With snakemake you can run a workflow that automatically runs the necessary steps to process your data. The workflow is pre-defined in workflow/Snakefile and can be customized using the provided configuration file.

It searches for dataset folders in the specified path and searches for tiffs in each of them. Each dataset will be processed in parallel and the results will be saved in the specified output folder called derivatives.

Why use snakemake?#

Snakemake is a powerful workflow management system that allows you to run complex data analysis pipelines in a reproducible and efficient manner. For each defined rule (a rule is a step in the workflow, for instance running suite2p), Snakemake will check if the output files already exist and if they are up to date. If they are not, it will run the rule and create the output files. This way, you can easily rerun only the parts of the workflow that need to be updated, without having to rerun the entire analysis pipeline each time.

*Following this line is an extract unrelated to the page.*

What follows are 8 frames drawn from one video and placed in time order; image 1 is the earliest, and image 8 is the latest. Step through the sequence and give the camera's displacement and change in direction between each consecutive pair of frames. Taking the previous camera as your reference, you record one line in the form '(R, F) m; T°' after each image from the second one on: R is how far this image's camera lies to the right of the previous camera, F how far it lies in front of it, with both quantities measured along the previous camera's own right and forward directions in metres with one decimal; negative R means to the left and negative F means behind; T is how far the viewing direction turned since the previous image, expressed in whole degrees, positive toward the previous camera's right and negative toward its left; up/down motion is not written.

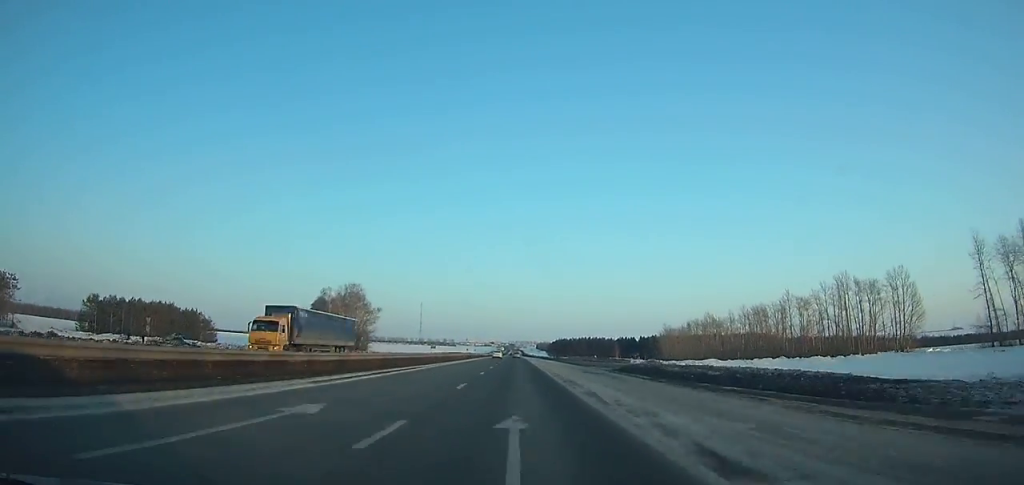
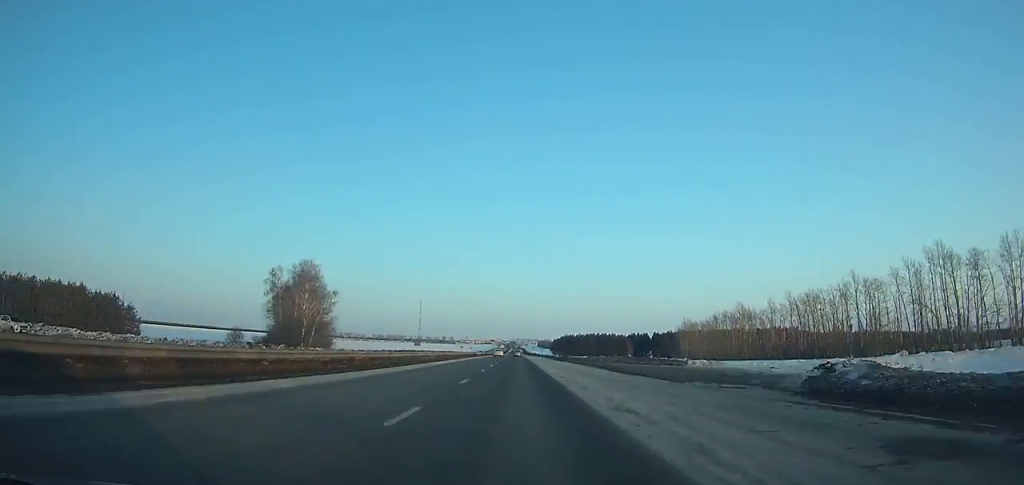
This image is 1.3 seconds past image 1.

Dry Run A dry run is a simulation of the workflow that shows you what would happen if you ran it, without actually executing any commands. This is useful for checking if everything is set up correctly before running the workflow. What you will see as an output is a DAG, i.e. a directed acyclic graph, that shows the dependencies between the different rules in the workflow. You can also see which files will be created and which rules will be executed. For rules to be linked together, input and output names must match: rule A will be linked to rule B if the output of rule A is the input of rule B.

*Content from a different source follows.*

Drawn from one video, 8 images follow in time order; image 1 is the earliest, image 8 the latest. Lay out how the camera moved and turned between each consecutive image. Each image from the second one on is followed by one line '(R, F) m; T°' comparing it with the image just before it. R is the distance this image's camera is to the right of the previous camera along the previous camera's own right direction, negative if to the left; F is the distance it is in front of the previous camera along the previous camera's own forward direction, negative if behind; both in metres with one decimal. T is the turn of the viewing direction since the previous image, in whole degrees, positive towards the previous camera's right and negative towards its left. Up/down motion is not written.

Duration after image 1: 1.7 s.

To preview the workflow without running it:

snakemake --jobs 1 all --dry-run

all is a keyword that tells snakemake to run all the rules in the workflow. The --jobs argument specifies the number of jobs to run in parallel. In this case, we are running one job at a time. You can increase this number to run multiple jobs in parallel. Dry run can also be abbreviated to -np.

To run the workflow you can skip the --dry-run argument and run the command:

snakemake --jobs 5 all

If you wish to force the re-execution of a given rule you can use the --force-rerun argument followed by the name of the rule you want to rerun. For example, if you want to rerun the rule suite2p, you can use the command:

snakemake --jobs 5 all --forcerun suite2p

You can also rerun a specific dataset by specifying the output of interest:

snakemake --jobs 1 /path/to/derivatives/dataset_name/suite2p/plane_0/F.npy

This will trigger the analysis that lead to the creation of the file F.npy in the specified dataset folder.

Once you have tested the workflow locally, you can use further arguments to submit the jobs to a cluster. If you are using SLURM, you can use the following command:

snakemake --executor slurm --jobs 5 all

Other useful arguments are:

  • --latency-wait: to wait for a certain amount of time before checking if the output files are ready.

  • --rerun-incomplete: to rerun any incomplete jobs.

  • --unlock: to unlock the workflow.